The listing should be printed again without a single change.

——

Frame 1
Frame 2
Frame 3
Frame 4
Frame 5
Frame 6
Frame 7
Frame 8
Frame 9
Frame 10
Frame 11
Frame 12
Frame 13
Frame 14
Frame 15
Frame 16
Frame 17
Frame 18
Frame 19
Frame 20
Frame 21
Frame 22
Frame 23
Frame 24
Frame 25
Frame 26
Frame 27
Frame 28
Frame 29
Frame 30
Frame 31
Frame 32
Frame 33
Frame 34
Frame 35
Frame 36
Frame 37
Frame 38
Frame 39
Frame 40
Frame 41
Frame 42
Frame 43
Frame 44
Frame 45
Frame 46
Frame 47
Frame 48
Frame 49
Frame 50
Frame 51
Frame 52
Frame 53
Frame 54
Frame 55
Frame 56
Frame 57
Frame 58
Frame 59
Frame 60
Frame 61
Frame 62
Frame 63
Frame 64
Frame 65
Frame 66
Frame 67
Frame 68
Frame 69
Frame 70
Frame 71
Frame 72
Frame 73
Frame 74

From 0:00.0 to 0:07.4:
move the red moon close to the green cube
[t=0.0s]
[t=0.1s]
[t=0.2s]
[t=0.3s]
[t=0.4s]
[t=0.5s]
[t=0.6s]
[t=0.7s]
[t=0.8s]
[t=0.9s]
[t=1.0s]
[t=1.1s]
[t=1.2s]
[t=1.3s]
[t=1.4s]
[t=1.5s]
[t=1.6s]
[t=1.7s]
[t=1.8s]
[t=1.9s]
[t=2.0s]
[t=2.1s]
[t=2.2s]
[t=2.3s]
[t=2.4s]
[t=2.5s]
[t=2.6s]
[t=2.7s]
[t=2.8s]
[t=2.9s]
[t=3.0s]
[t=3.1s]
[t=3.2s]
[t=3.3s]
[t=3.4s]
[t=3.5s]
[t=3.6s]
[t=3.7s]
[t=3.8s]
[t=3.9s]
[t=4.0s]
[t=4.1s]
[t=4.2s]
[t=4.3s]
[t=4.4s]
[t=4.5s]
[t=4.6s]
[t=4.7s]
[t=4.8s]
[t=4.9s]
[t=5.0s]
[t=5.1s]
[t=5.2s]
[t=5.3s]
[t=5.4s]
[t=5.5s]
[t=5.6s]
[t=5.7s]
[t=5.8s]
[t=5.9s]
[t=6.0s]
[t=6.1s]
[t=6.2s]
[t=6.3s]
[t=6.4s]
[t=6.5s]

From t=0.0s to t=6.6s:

——

## RESULT
Frame 1
Frame 2
Frame 3
Frame 4
Frame 5
Frame 6
Frame 7
Frame 8
Frame 9
Frame 10
Frame 11
Frame 12
Frame 13
Frame 14
Frame 15
Frame 16
Frame 17
Frame 18
Frame 19
Frame 20
Frame 21
Frame 22
Frame 23
Frame 24
Frame 25
Frame 26
Frame 27
Frame 28
Frame 29
Frame 30
Frame 31
Frame 32
Frame 33
Frame 34
Frame 35
Frame 36
Frame 37
Frame 38
Frame 39
Frame 40
Frame 41
Frame 42
Frame 43
Frame 44
Frame 45
Frame 46
Frame 47
Frame 48
Frame 49
Frame 50
Frame 51
Frame 52
Frame 53
Frame 54
Frame 55
Frame 56
Frame 57
Frame 58
Frame 59
Frame 60
Frame 61
Frame 62
Frame 63
Frame 64
Frame 65
Frame 66
Frame 67
Frame 68
Frame 69
Frame 70
Frame 71
Frame 72
Frame 73
Frame 74

From 0:00.0 to 0:07.4:
move the red moon close to the green cube
[t=0.0s]
[t=0.1s]
[t=0.2s]
[t=0.3s]
[t=0.4s]
[t=0.5s]
[t=0.6s]
[t=0.7s]
[t=0.8s]
[t=0.9s]
[t=1.0s]
[t=1.1s]
[t=1.2s]
[t=1.3s]
[t=1.4s]
[t=1.5s]
[t=1.6s]
[t=1.7s]
[t=1.8s]
[t=1.9s]
[t=2.0s]
[t=2.1s]
[t=2.2s]
[t=2.3s]
[t=2.4s]
[t=2.5s]
[t=2.6s]
[t=2.7s]
[t=2.8s]
[t=2.9s]
[t=3.0s]
[t=3.1s]
[t=3.2s]
[t=3.3s]
[t=3.4s]
[t=3.5s]
[t=3.6s]
[t=3.7s]
[t=3.8s]
[t=3.9s]
[t=4.0s]
[t=4.1s]
[t=4.2s]
[t=4.3s]
[t=4.4s]
[t=4.5s]
[t=4.6s]
[t=4.7s]
[t=4.8s]
[t=4.9s]
[t=5.0s]
[t=5.1s]
[t=5.2s]
[t=5.3s]
[t=5.4s]
[t=5.5s]
[t=5.6s]
[t=5.7s]
[t=5.8s]
[t=5.9s]
[t=6.0s]
[t=6.1s]
[t=6.2s]
[t=6.3s]
[t=6.4s]
[t=6.5s]

From t=0.0s to t=6.6s:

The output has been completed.